Após quatro anos, sabe-se muito sobre o governo Bolsonaro, mas pouco sobre os planos do petista
Por Marcelo Godoy (foto)
O tenente-coronel Mauro Cesar Cid Barbosa se levantou da cadeira na plateia do estúdio e se dirigiu em passo acelerado até o presidente Jair Bolsonaro. Queria levar uma última instrução para o chefe, pouco antes do início do debate promovido pelo Estadão e pelo SBT – entre outros. O militar fardado, homem da Ajudância de Ordens do Planalto, uniu-se ao ministro das Comunicações, Fábio Faria, e a outro assessor do candidato à reeleição.
Cid é pessoa conhecida em Brasília.
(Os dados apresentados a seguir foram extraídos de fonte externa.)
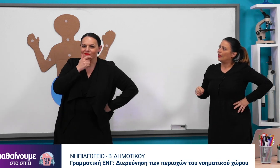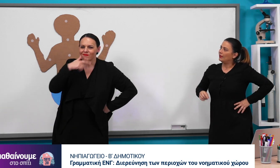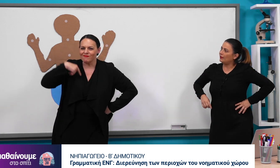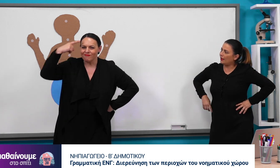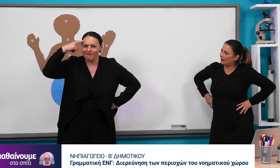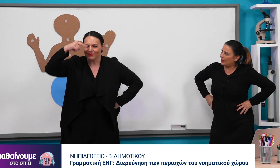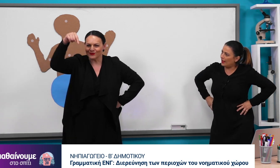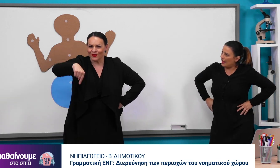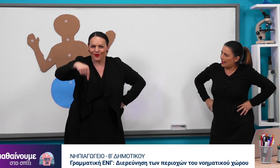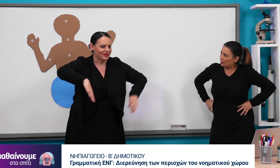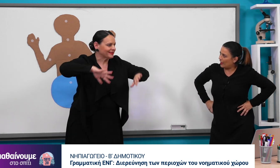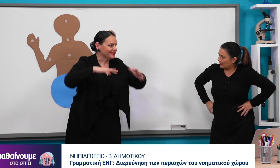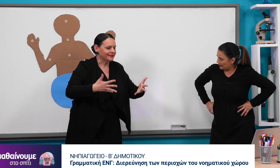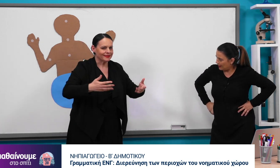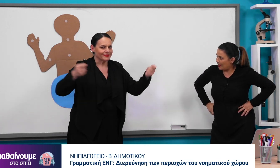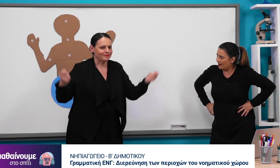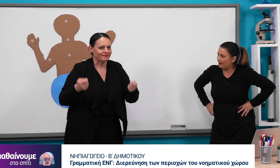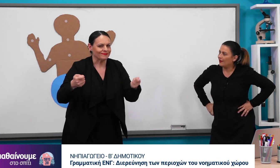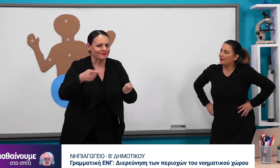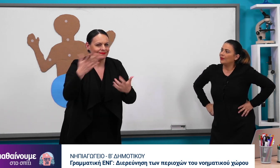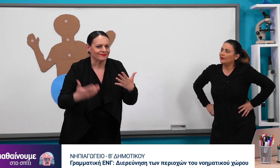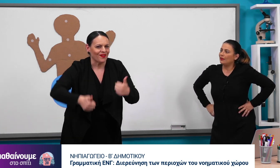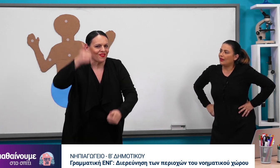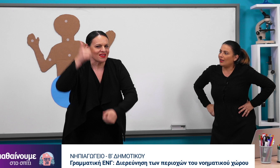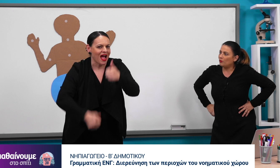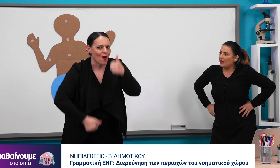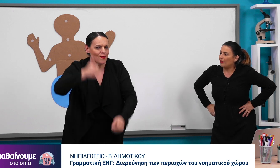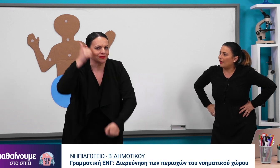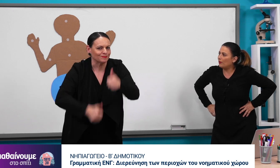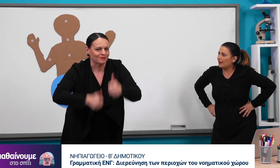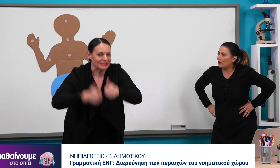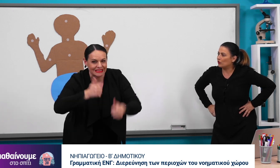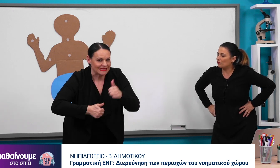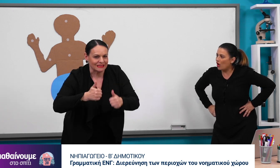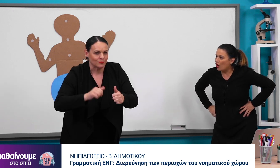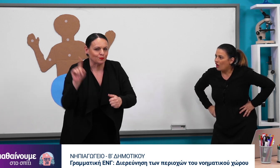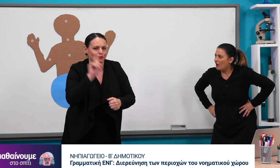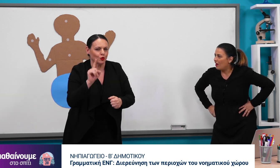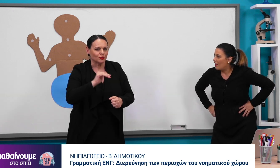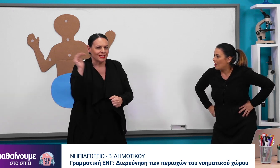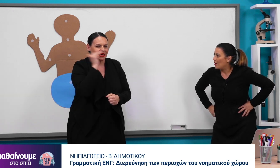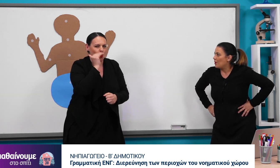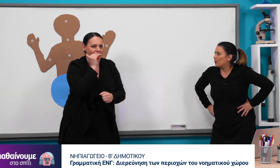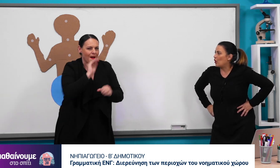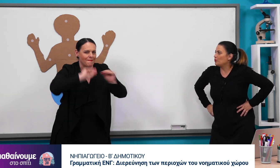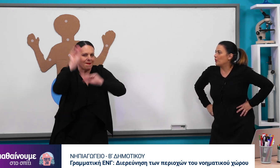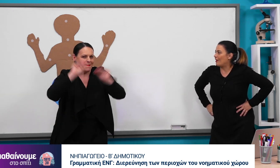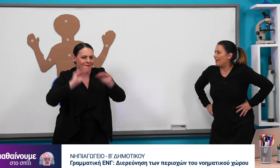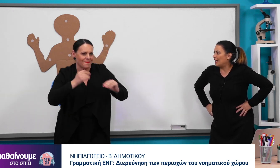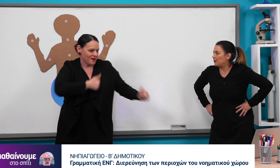Τι έγινε. Έχεις ιδέα. Τι θα κάνουμε. Θα κάνουμε διαγωνισμό. Ποιος, ποιο θα βάλει

Oficial da Artilharia como o presidente, sempre está ao lado deste. Laços de amizade unem sua família à do chefe – seu pai, o general Mauro Cesar Lorena Cid, é colega de academia de Bolsonaro. Desde os primeiros dias do governo, o coronel acompanha as lives presidenciais. Chegou mesmo a se ver envolvido no inquérito policial a respeito de atos antidemocráticos. Fazia – ele admitiu – o papel de leva e traz de informações de blogueiros para o presidente.
Cid cuida das preocupações do dia a dia de Bolsonaro. Mostra-se a todos como um dos símbolos da onipresença militar na Esplanada. A exemplo dele, outros milhares de oficiais ocupam cadeiras nos ministérios. Após quase quatro anos, sabe-se muito sobre o governo Bolsonaro. Seus atos passaram pelo escrutínio judicial. Seus erros foram expostos e seus resultados – ou a ausência deles –, conhecidos. É possível que mais ainda exista nos arcani imperii do Planalto, afinal, o palácio, como advertia Baruch Spinoza, sempre pode “estender armadilhas aos cidadãos como as lançadas ao inimigo em tempo de guerra”.
É o julgamento do atual governo – reprovado nas pesquisas de opinião – que provoca uma assimetria nessa campanha eleitoral: ninguém se questiona sobre quem seria o “coronel Cid” de Luiz Inácio Lula da Silva ou o que o petista pensa a respeito da presença militar na Esplanada. Não se sabe como ele pretende lidar com a economia em um mundo afetado por novos conflitos geopolíticos e antigos desafios, como a desigualdade no País. Ou como impedir a corrupção e se relacionar com um Congresso que domina 50% dos investimentos do orçamento. Enfim, quais grupos de pressão apostam no candidato mais bem posicionado nas pesquisas de intenção de voto?
O eleitor tem o direito de saber o que pensa Lula para que a democracia não se transforme na plutocracia demagógica vislumbrada por Vilfredo Pareto. O petista recuperou os direitos políticos. Ganhou um habeas corpus do STF. Quer agora recuperar a Presidência. E usa um novo HC: Bolsonaro. Mas, ao contrário de seu oponente, Lula não parece se armar para ser um profeta. Não devia esquecer a lição da Florença renascentista: os profetas desarmados se arruínam.